Directions for this task>
Set down the entries exactly as they appear, apart from the images, which stay out.

[Collected data]
*** Block opens ***

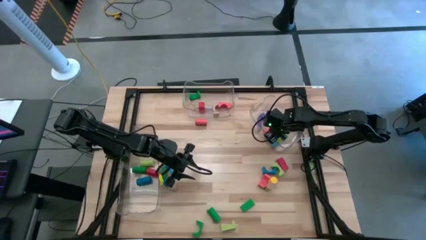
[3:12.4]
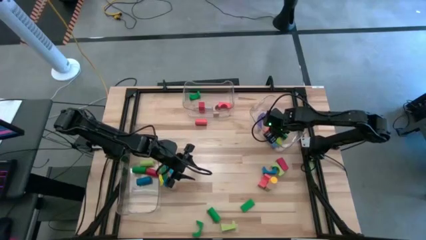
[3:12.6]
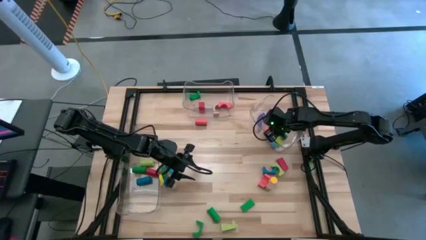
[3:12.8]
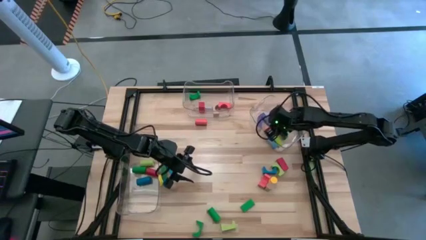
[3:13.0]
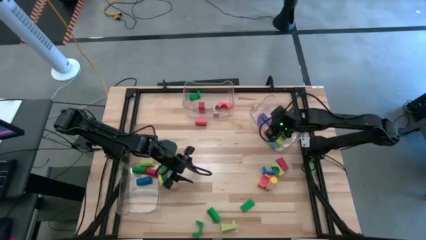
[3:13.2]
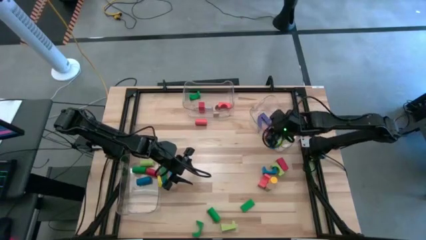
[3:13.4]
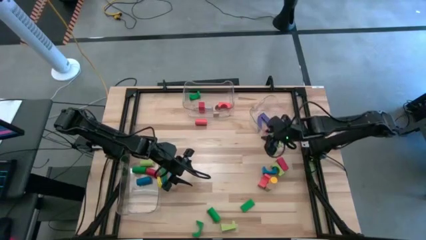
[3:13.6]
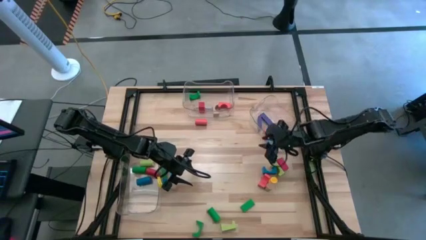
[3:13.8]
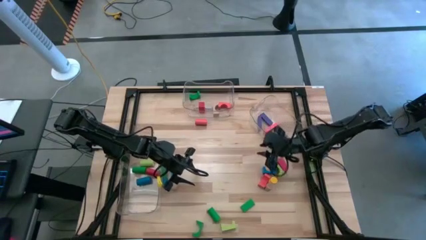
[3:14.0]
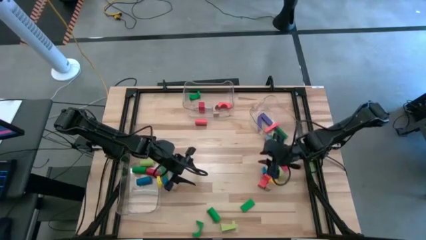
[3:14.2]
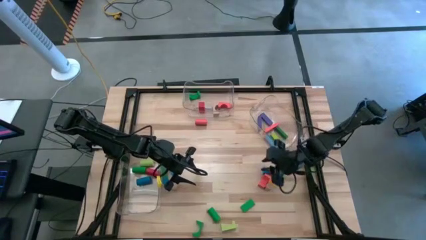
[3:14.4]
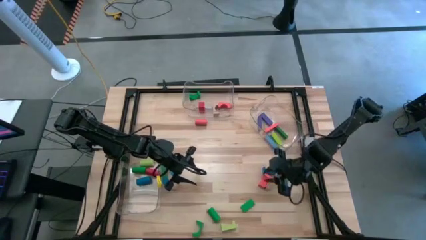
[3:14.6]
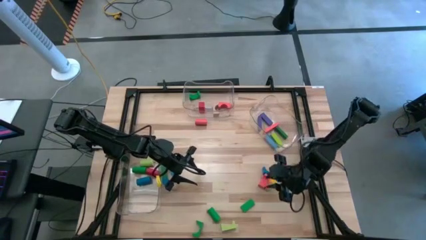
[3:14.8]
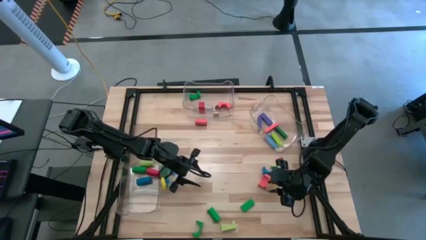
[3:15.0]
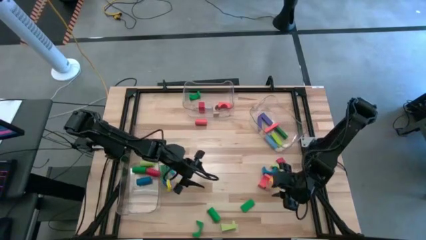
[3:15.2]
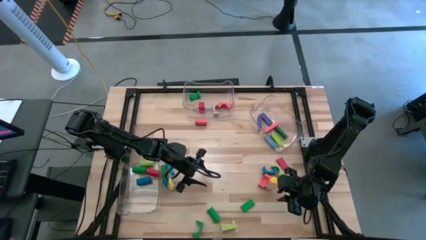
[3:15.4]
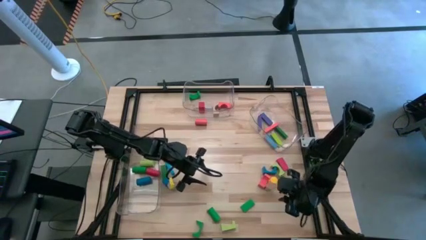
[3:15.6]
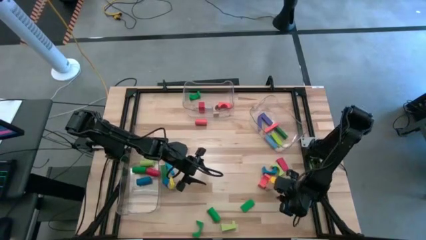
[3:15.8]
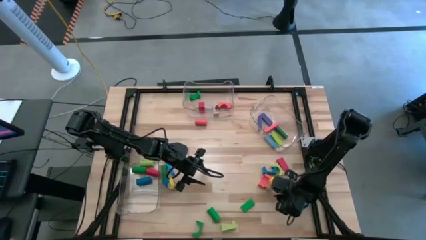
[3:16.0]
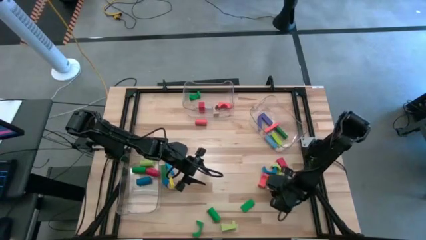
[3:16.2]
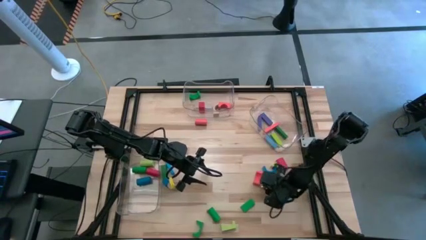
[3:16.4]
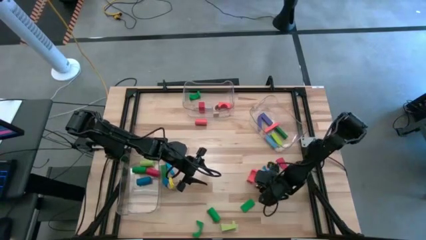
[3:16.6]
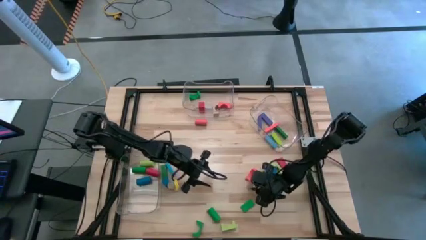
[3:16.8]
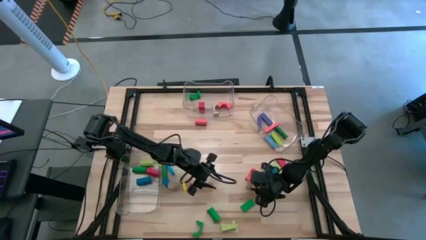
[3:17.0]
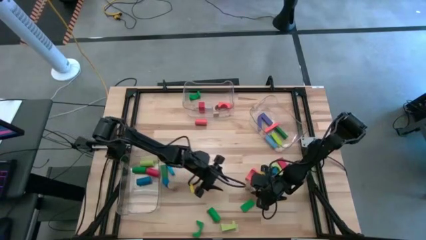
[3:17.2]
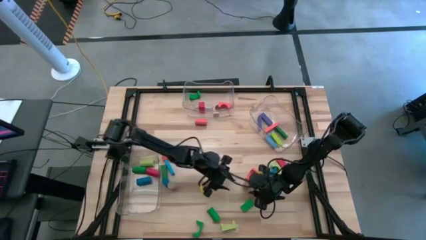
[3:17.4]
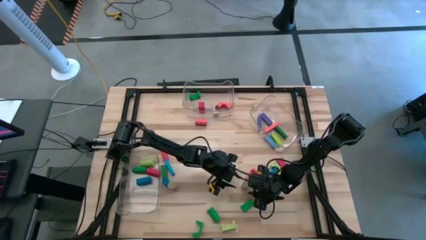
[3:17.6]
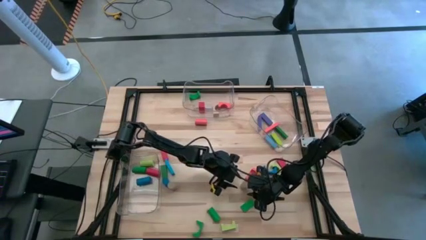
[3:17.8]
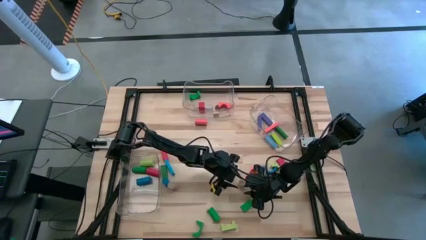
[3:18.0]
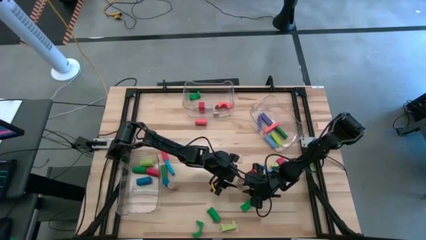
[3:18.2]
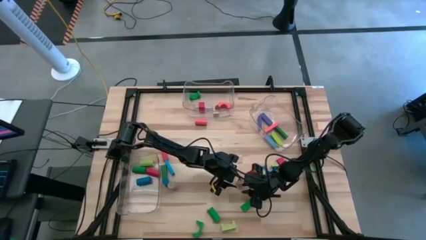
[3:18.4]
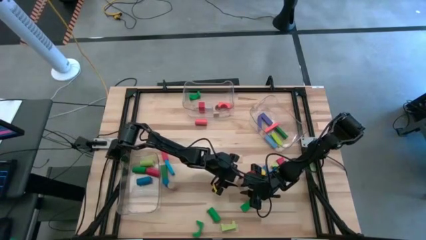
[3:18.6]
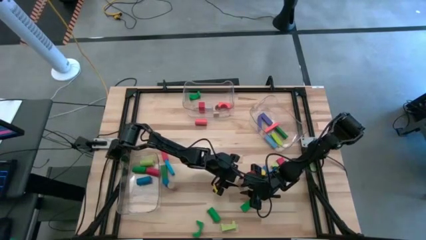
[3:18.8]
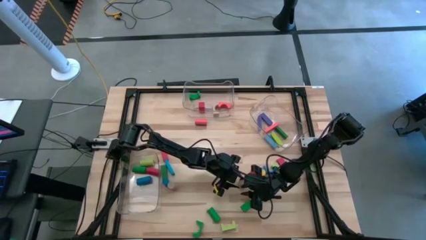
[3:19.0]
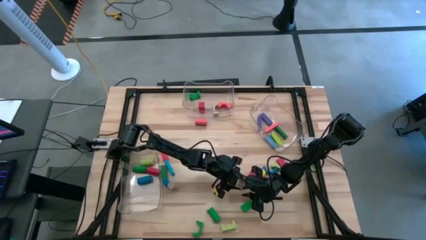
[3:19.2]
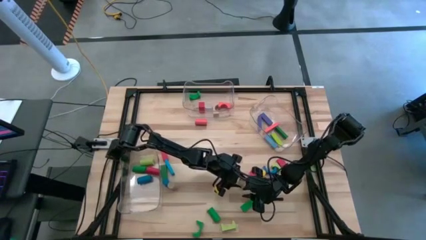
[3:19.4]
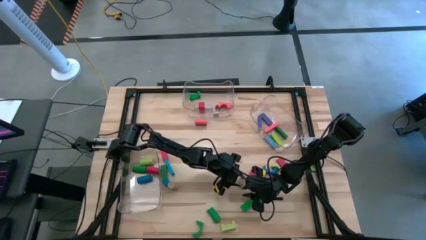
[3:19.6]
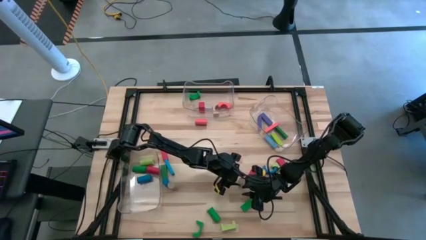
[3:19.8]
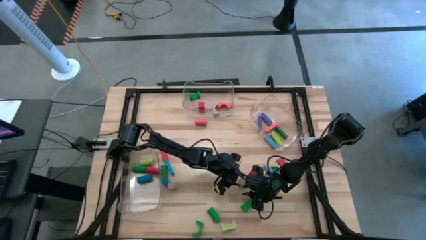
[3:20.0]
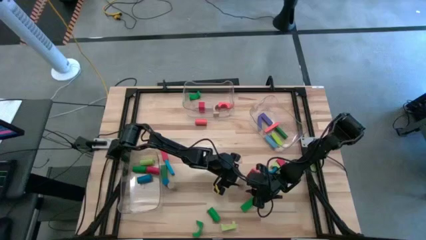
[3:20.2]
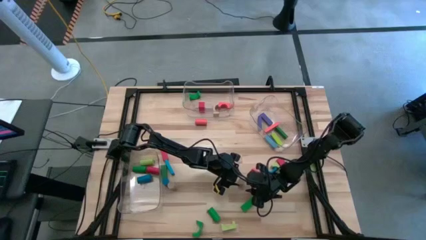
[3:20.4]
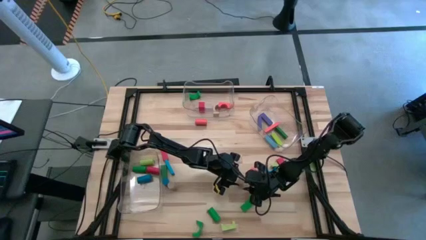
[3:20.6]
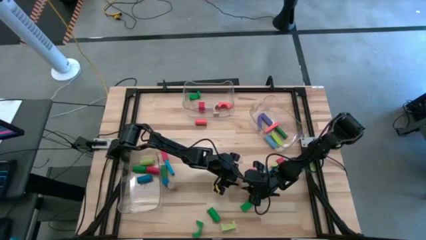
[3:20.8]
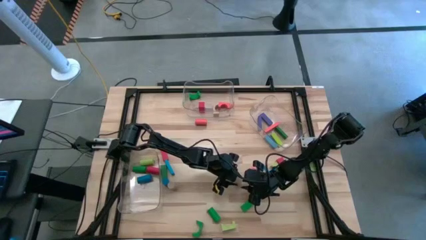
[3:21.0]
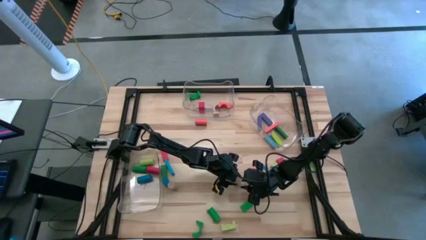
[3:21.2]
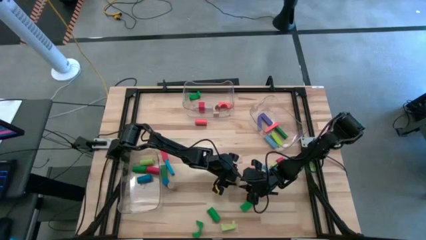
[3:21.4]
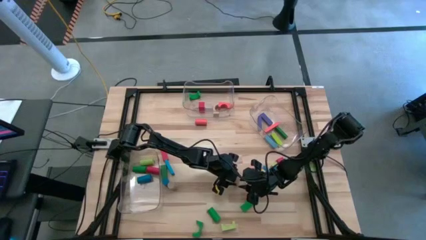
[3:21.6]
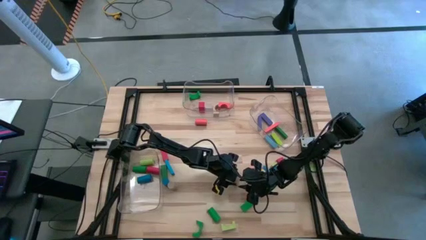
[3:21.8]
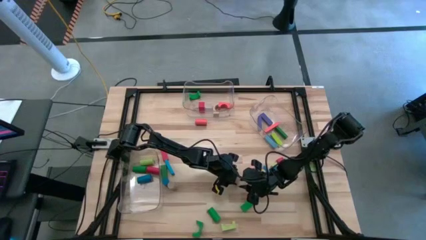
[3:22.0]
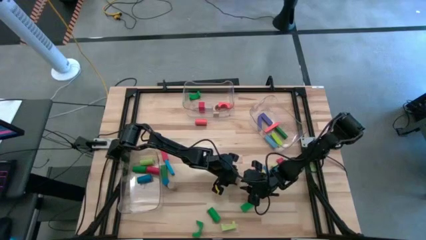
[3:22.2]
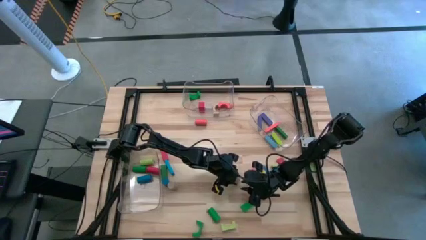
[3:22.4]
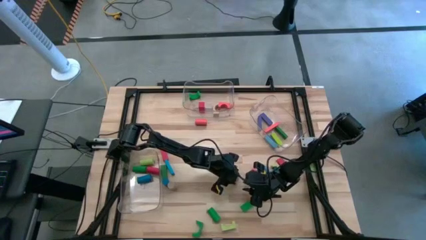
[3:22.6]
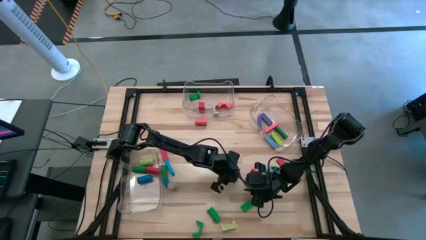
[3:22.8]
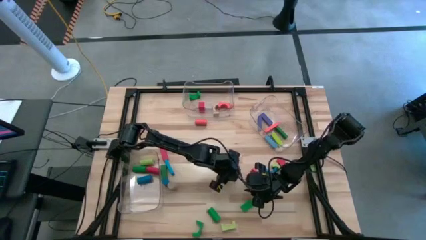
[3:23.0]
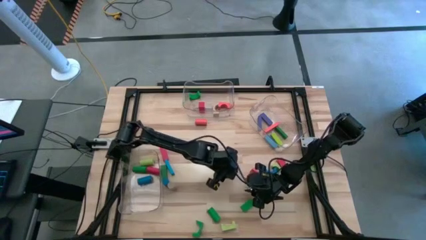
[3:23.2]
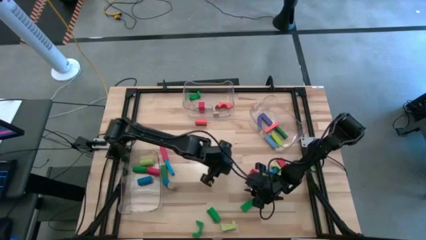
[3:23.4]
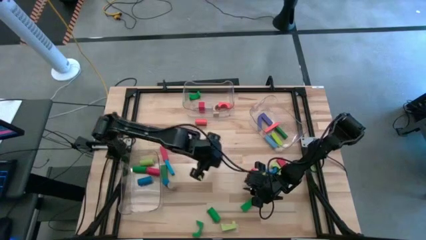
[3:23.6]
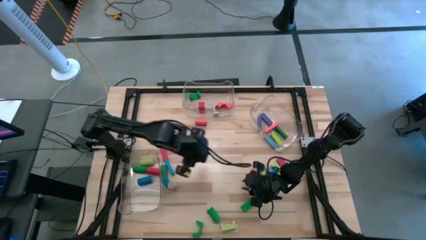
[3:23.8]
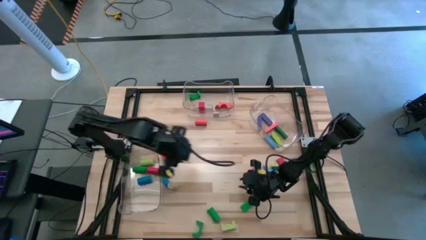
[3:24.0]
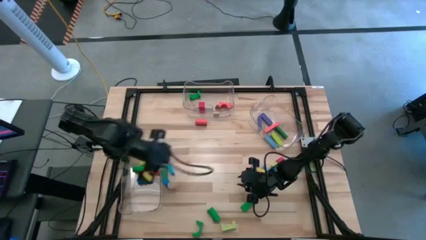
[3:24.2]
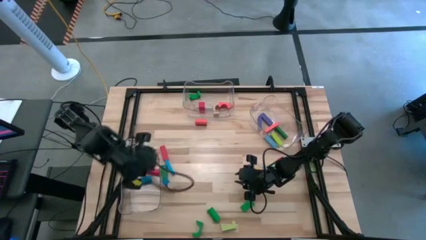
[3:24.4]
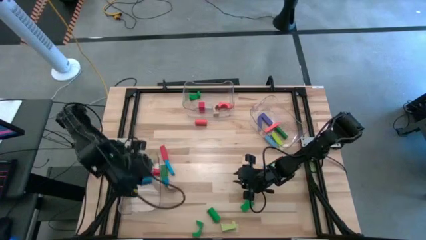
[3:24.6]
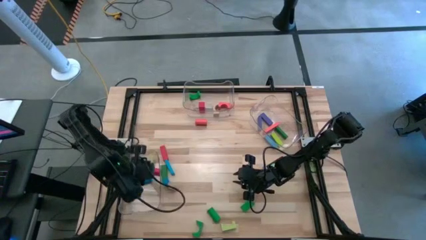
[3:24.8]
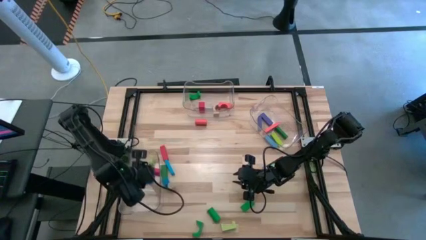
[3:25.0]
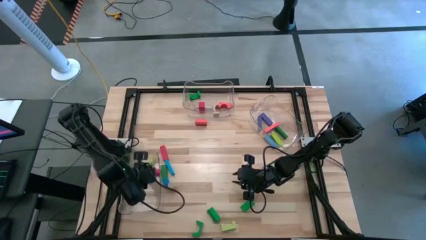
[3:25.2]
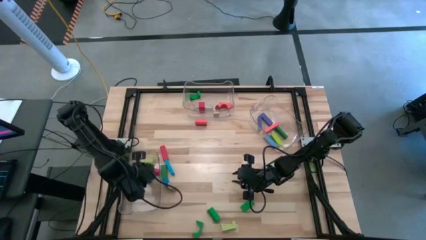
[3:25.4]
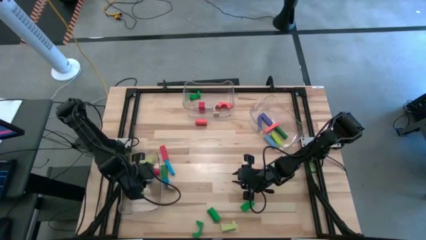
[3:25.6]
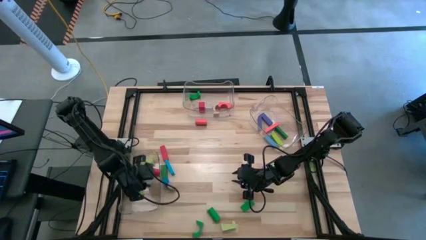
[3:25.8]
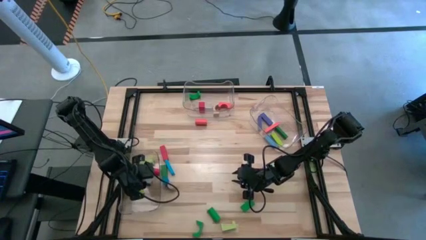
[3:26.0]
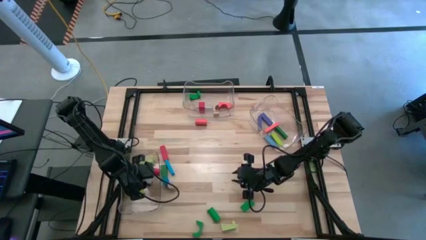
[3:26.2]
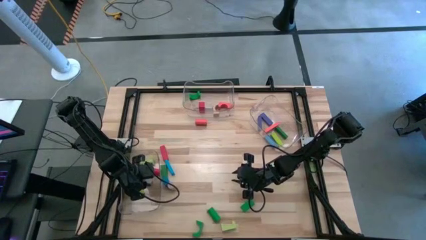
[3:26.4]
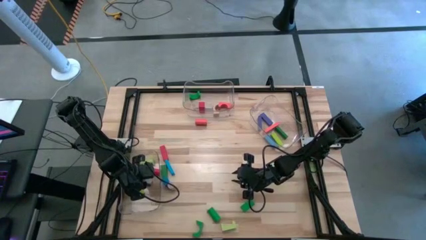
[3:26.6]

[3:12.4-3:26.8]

*** Block closes ***

Exercise result>
[3:12.4]
[3:12.6]
[3:12.8]
[3:13.0]
[3:13.2]
[3:13.4]
[3:13.6]
[3:13.8]
[3:14.0]
[3:14.2]
[3:14.4]
[3:14.6]
[3:14.8]
[3:15.0]
[3:15.2]
[3:15.4]
[3:15.6]
[3:15.8]
[3:16.0]
[3:16.2]
[3:16.4]
[3:16.6]
[3:16.8]
[3:17.0]
[3:17.2]
[3:17.4]
[3:17.6]
[3:17.8]
[3:18.0]
[3:18.2]
[3:18.4]
[3:18.6]
[3:18.8]
[3:19.0]
[3:19.2]
[3:19.4]
[3:19.6]
[3:19.8]
[3:20.0]
[3:20.2]
[3:20.4]
[3:20.6]
[3:20.8]
[3:21.0]
[3:21.2]
[3:21.4]
[3:21.6]
[3:21.8]
[3:22.0]
[3:22.2]
[3:22.4]
[3:22.6]
[3:22.8]
[3:23.0]
[3:23.2]
[3:23.4]
[3:23.6]
[3:23.8]
[3:24.0]
[3:24.2]
[3:24.4]
[3:24.6]
[3:24.8]
[3:25.0]
[3:25.2]
[3:25.4]
[3:25.6]
[3:25.8]
[3:26.0]
[3:26.2]
[3:26.4]
[3:26.6]

[3:12.4-3:26.8]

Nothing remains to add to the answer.